I’d like to go in a little further on the issues with this kind of system, though, separate from the concerns Rosenthal raised. Primarily, I don’t think it even solves the problem it supposedly seeks to address. The idea is that, knowing a player might reach free agency sooner than six years (or seven years) after reaching the majors, a team would promote them to the bigs sooner. The more likely scenario, given what we know about how teams operate and view players, is that we’d just see more of a churn through players to ensure the roster was always stocked full of young-enough pre-arbitration players. So, an exacerbation of a pre-existing problem.

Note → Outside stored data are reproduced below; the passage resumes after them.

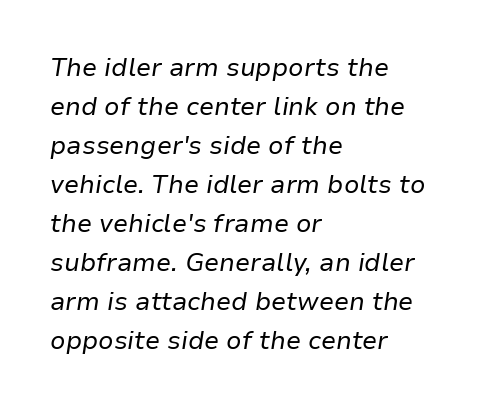
The image shows 25 px text type, italic (leaning right); set left-aligned, normal line spacing (1.56x), normal letter spacing, not underlined.
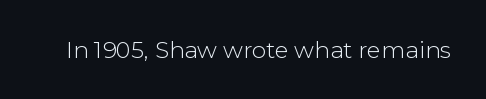
Q: Is the text bold? A: No.
Q: Is the text italic (slanted)? A: No, it is upright.
Q: Is the text underlined? A: No.
Q: Is the spacing between letters normal or unusually wide? A: Normal.
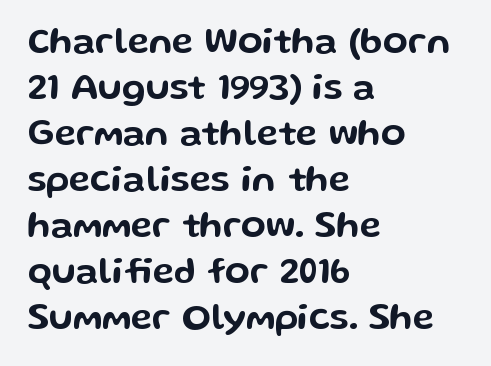
Each letter keeps its own natural width here, so spacing adapts to shape. The designer went with a sans here, leaving each stem footless. The words here are not underlined. Compared with typical body copy, the letter spacing here is the same. Italic: no, the glyphs are upright roman. This sample is left-justified, so line endings fall wherever the words run out.
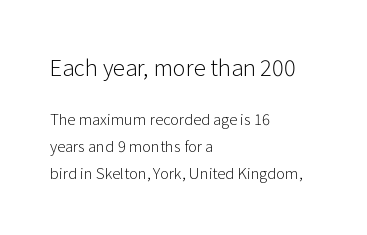
Q: Is the text bold? A: No.
Q: Is the text italic (slanted)? A: No, it is upright.
Q: Is the text underlined? A: No.
Q: How is the paragraph aligned? A: Left-aligned.
Q: Is the spacing between letters normal or unusually wide? A: Normal.
Q: Which block of text is set in a larger size, the first (top) or the second (bottom)? A: The first (top) one.
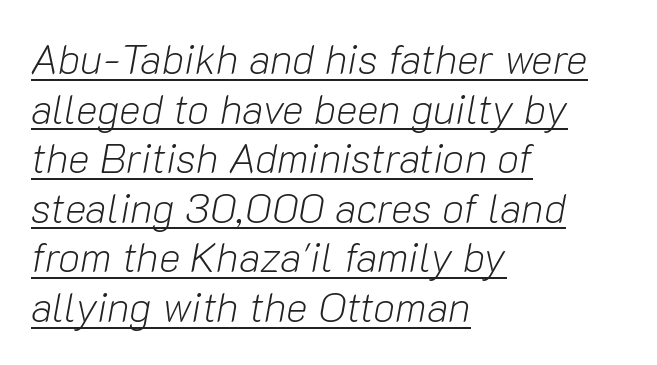
This sample has the flowing, uneven cadence of proportional lettering. Nothing unusual about the tracking: characters are spaced as the font intends. The weight would be labelled regular, book, light, or lighter still. Quick note: underline on. Does the copy run flush right? No — it runs flush left. Notice how the stems are inclined rather than vertical — that's the hallmark of italics.

Rosenthal points out that getting players to free agency earlier, especially college players, might result in more high-end contracts for that class of player, citing the record contracts for college pitchers and position players as evidence. The problem is not that the potential top earners with college experience don’t make what they should if they’re 29 years old before they hit free agency, though. It’s that the vast majority of players below them are underpaid relative to their production, and for teams, that’s a feature, not a bug they need to squash through collective bargaining. A forced age for free agency might result in another player or two brought to the majors who otherwise might have had their service time manipulated, sure, but it would not do anything to address that teams focus heavily on pre-arbitration players in their roster construction: it might instead encourage even more of that behavior.
And, for a team like the Rays — the focus of Rosenthal’s piece, thanks to top prospect Wander Franco — that routinely deals players well before they are approaching free agency to bring in new prospects and pre-arbers, would likely convince them of promoting exactly zero players they feared losing to free agency sooner. It might just result in even more churn for them.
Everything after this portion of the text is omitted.